Не то, чтобы ему было жалко, но горло просто отказывалось слушаться. Выходил либо крик, либо неопределённый хрип. Заставить своё тело повиноваться всё ещё было невероятно сложно.

С того дня, как больничная палата сменилась детской комнатой в большом доме, прошло уже несколько месяцев. И примерно столько же эта большая женщина работала его няней. Видимо, слишком сильно она прикипела к беззащитному и беспомощному младенцу. Настолько, что ушла с места, где работала много лет.



— Как сегодня мой мальчик? — дверь комнаты отворилась, и он почувствовал тепло, такое родное и нежное. В прошлой жизни он был обделён материнской лаской. Она умерла, когда ему было три, и, конечно, он ничего о ней не помнил. Поэтому в этот раз он наслаждался каждым мгновением.

— Неплохо, госпожа. Правда, говорить у нас пока не получается, но это нестрашно. Уверена, что он вырастет и станет невероятно умным, да, золотко моё? — пухлые пальцы отработанным движением бросились к его животу. Щекотка ему не нравилась, но сестру Таракис это, похоже, не волновало. Да и как бы он смог выказать свой протест?

— Не сомневаюсь в этом, — на смену аккуратным, но грубым и слишком толстым рукам няни пришли мамины — мягкие и тонкие. — Ты точно станешь самым-самым, радость моя.

Как же ему хотелось сказать ей, что он обязательно исполнит все её мечты и чаяния. Но проклятое тело отказывалось слушаться. Организм упорно сопротивлялся его желаниям, отодвигая всё дальше и дальше долгожданный миг.

И только разум мог работать на полную, впитывая новую информацию безостановочно и на невероятных скоростях. Иногда ему даже казалось, что это не его мысли, настолько быстрыми и чёткими они были.

Местный язык он начал учить сразу после выписки из больницы, когда больше не требовалось ежедневно умирать от «тренировок», и освоил на разговорном уровне через четыре с половиной месяца. Да, сложных слов он не знал, банально потому, что никто при нём их не произносил. Но понимать окружающих это не мешало.

В прошлой жизни Семён знал пять языков, включая арабский и латынь, так что его можно было назвать начинающим полиглотом, но никогда изучение чужой речи, тем более без системы и словарей, не было таким простым.

Однако, определить причину этих изменений не получалось, а потому пришлось списать всё на побочные эффекты от перерождения. Всё-таки, похоже не зря говорят, что дети всё схватывают на лету.

И, конечно, про себя и свою семью он тоже узнал немало.

Лазарис Санктус Морфей. Так его звали. Красивое имя, тут у него не было никаких претензий.

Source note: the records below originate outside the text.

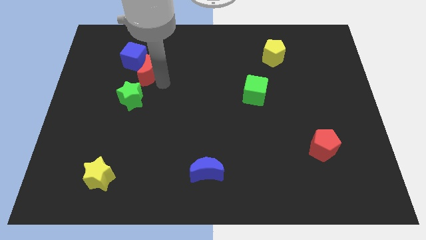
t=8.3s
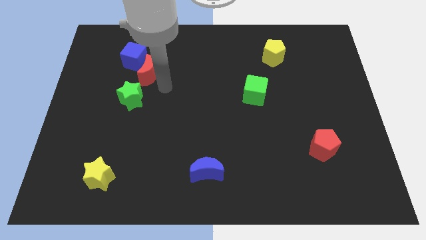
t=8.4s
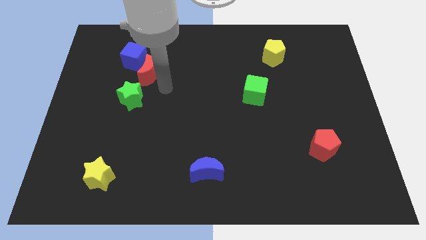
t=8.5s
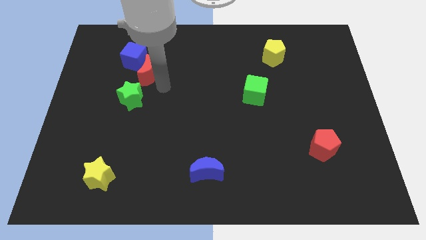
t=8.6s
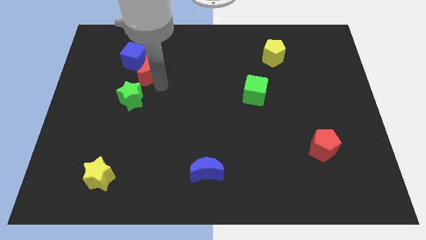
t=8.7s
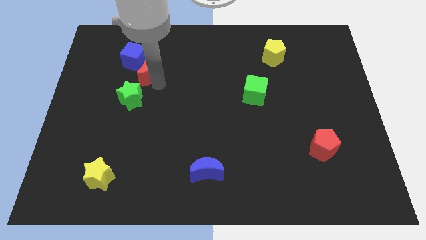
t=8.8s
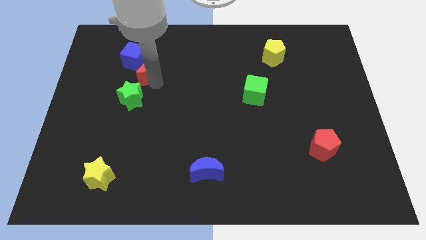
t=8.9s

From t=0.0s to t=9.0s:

Отец был известным художником, мама — преподавательницей этикета в элитном учебном заведении. На самом деле, семья была довольно большой.

По отцовской линии у него было ещё два дяди, по материнской — тётя со своими детьми, жившая отдельно. В доме также проживали оба деда и прабабка, единственный человек, который был ближе него к гробовой доске. Плюс множество слуг от дворецкого и повара до прачек и самой сестры Таракис.

По факту прислуга не была особенно необходима: все вышеназванные могли позаботиться о себе сами. Но тут дело было в другом. Статус. Род Морфеев не был особо знатным, но всё равно очень известным, и иметь слуг им полагалось, как, к примеру, серьёзному человеку полагалось знать тот же этикет.